Internet media company Internet Brands is to be acquired by an affiliate of Hellman & Friedman Capital Partners VI, L.P. in a transaction valued at approximately $640 million. Under the terms of the agreement, Internet Brands stockholders will receive $13.35 in cash for each outstanding share of common stock they own. This price represents a premium of approximately 46.5% over the closing price on September 17, 2010.

The Board of Directors, on the unanimous recommendation of a Special Committee of independent directors, approved the merger agreement and recommends that Internet Brands’ stockholders adopt the merger agreement.

“We are very happy for our stockholders — this is a great outcome. And we’re excited about continuing to build our business with a great new partner,” said Bob Brisco, CEO of Internet Brands. “We are deeply grateful to those who have shared the journey with us this far. And we are looking forward to the next leg of building a powerful New Media company with our new owners.”

“Internet Brands is a uniquely positioned internet media company,” said Andy Ballard, Managing Director at Hellman & Friedman. “The company has built an impressive platform for branded vertical websites.
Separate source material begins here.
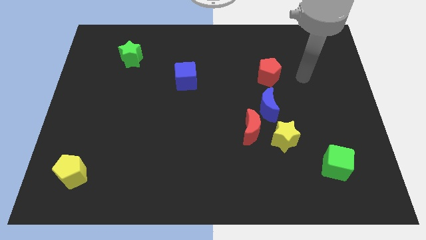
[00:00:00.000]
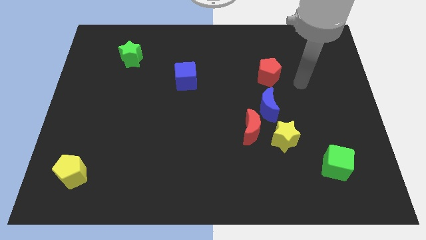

We look forward to partnering with Bob and the entire Internet Brands team to support the company’s continued success.”

Debt financing commitments have been provided by Bank of America, N.A., BMO Capital Markets, GE Capital and RBC Capital Markets. Idealab, which beneficially owns approximately 19% of Internet Brands’ outstanding common stock and approximately 64% of the voting power of the company, has entered into a voting agreement with an affiliate of Hellman & Friedman relating to the merger agreement. The transaction is subject to stockholder approval, including approval by holders of a majority of the outstanding common stock not owned by Idealab and certain other excluded parties, and customary closing conditions. The transaction is expected to close in the fourth quarter of 2010.

Jefferies & Company, Inc. is acting as exclusive financial advisor and Skadden, Arps, Slate, Meagher & Flom LLP is acting as legal advisor to the Special Committee of the Board of Directors of Internet Brands. Munger, Tolles & Olson LLP is serving as counsel to Internet Brands. Simpson Thacher & Bartlett LLP is serving as counsel to Hellman & Friedman.